The target price (TP) was also raised significantly to RM9.70 from RM6.50 previously. 

Kenanga Research analyst Marie Vaz said Scientex's 9MFY20 core net profit of RM252.3 million came in above the research firm's expectations at 91%

"We believe the deviation was due to our conservative top line estimate that overly anticipated weaker contributions from both the property and plastic segments due to the Covid-19 pandemic," she said in a note today.

Given the stronger-than-expected earnings for 9MFY20, Vaz increased her FY20-21 earnings estimates to RM351 million-RM443 million on stronger property launches of RM1 billion-RM1.3 billion, from RM800 million-RM1.2 billion, and an increase in the manufacturing utilisation rate to 65% in FY20 from 60%.

"We are confident of our call given that Scientex has been able to weather the Covid-19 pandemic better than expected with its utilisation rate bouncing back to 60% currently, while we are confident of its ability to generate strong earnings growth year-on-year (+6%/+26% in FY20/21), cushioned by high margins of the property segment," she added. 

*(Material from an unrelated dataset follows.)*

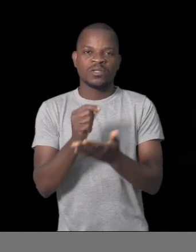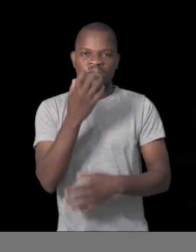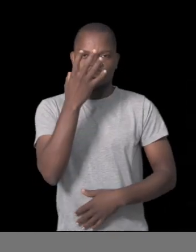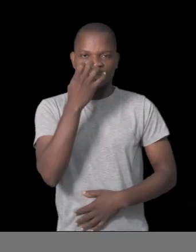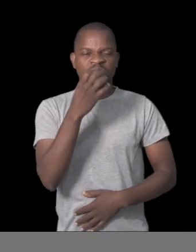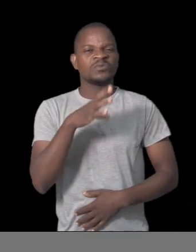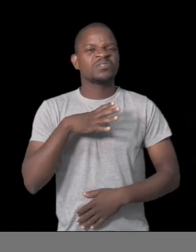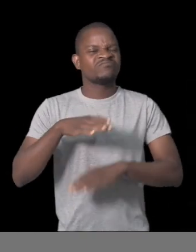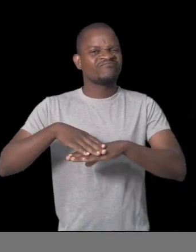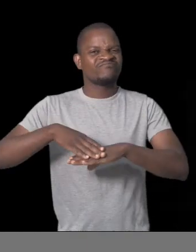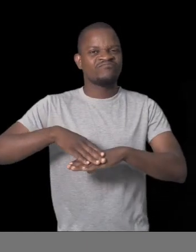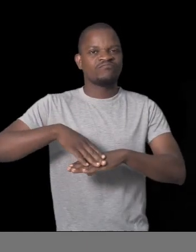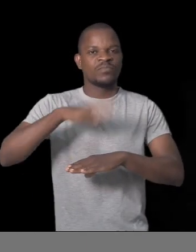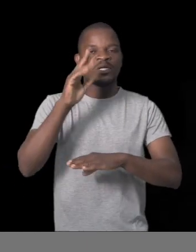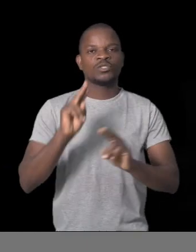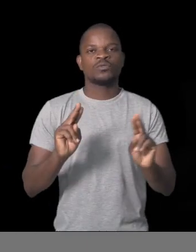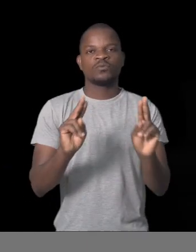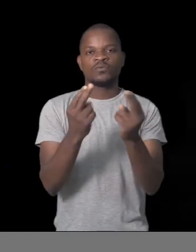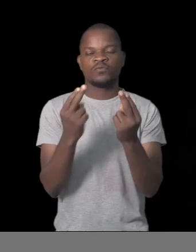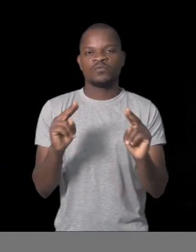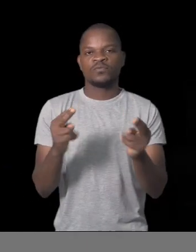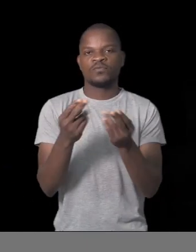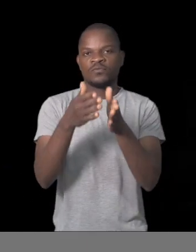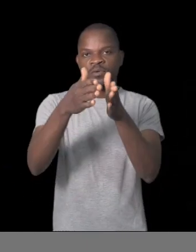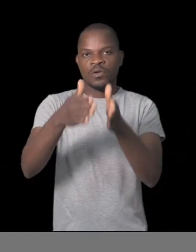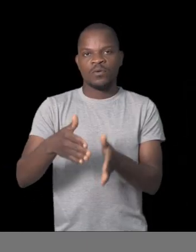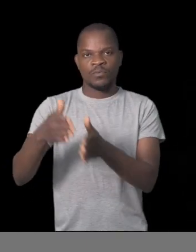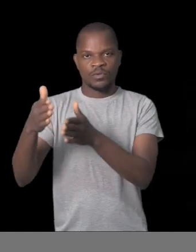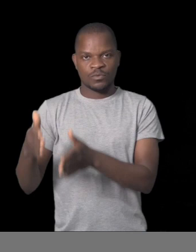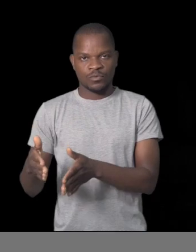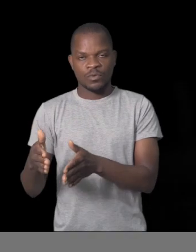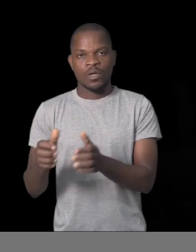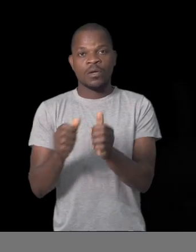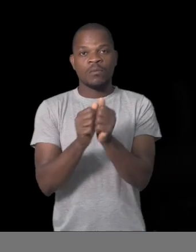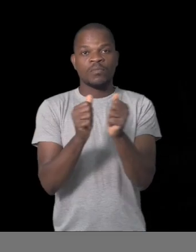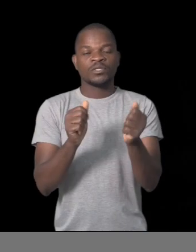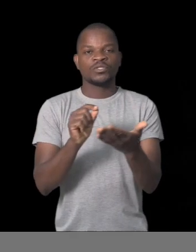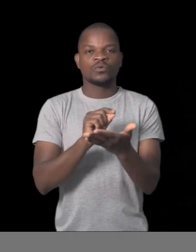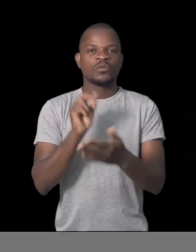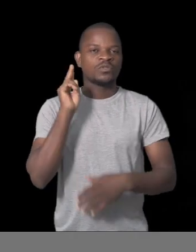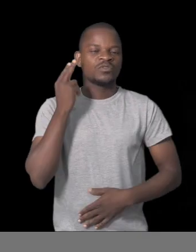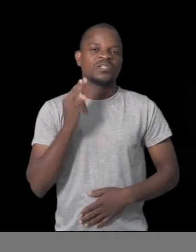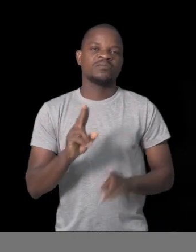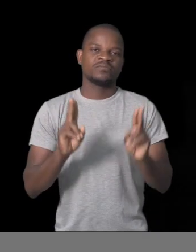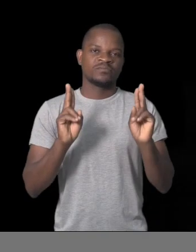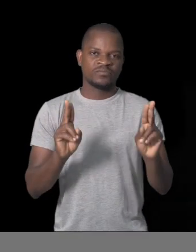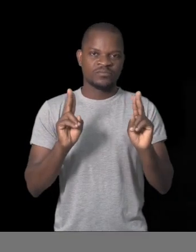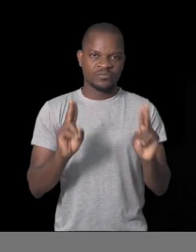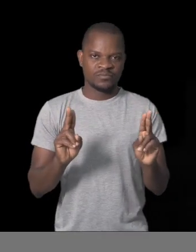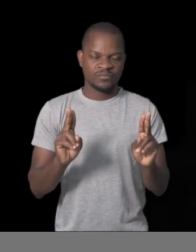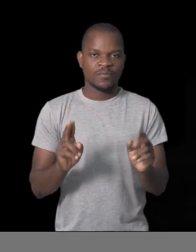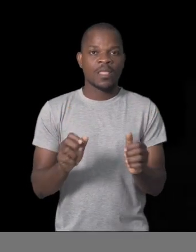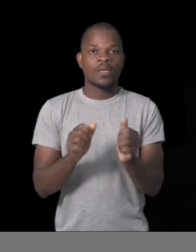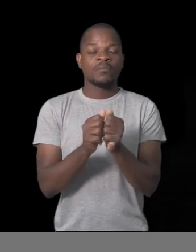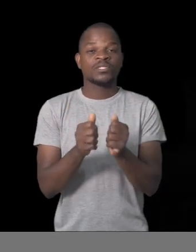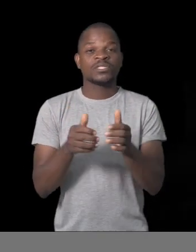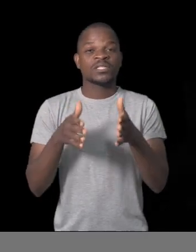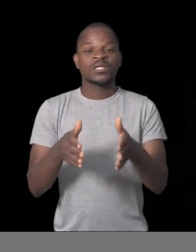novos ingressos que a escola secundária Jusina Machal. Para a oitava classe, por exemplo, são

Yesterday, Scientex announced that its 9MFY20 net profit rose 23.8% to RM248.06 million, from RM200.29 million, on the back of an 11.1% increase in revenue to RM2.56 billion from RM2.31 billion.

Scientex also declared an interim dividend of 10 sen, in respect of the financial year ending July 31, 2020 (FY20), to be paid on July 24.

It said the dividend payout of RM51.6 million amounts to 20.8% of its net profit for 9MFY20.

At 10.30am, shares in Scientex were trading up six sen or 0.68% at RM8.83 after 49,800 shares were traded.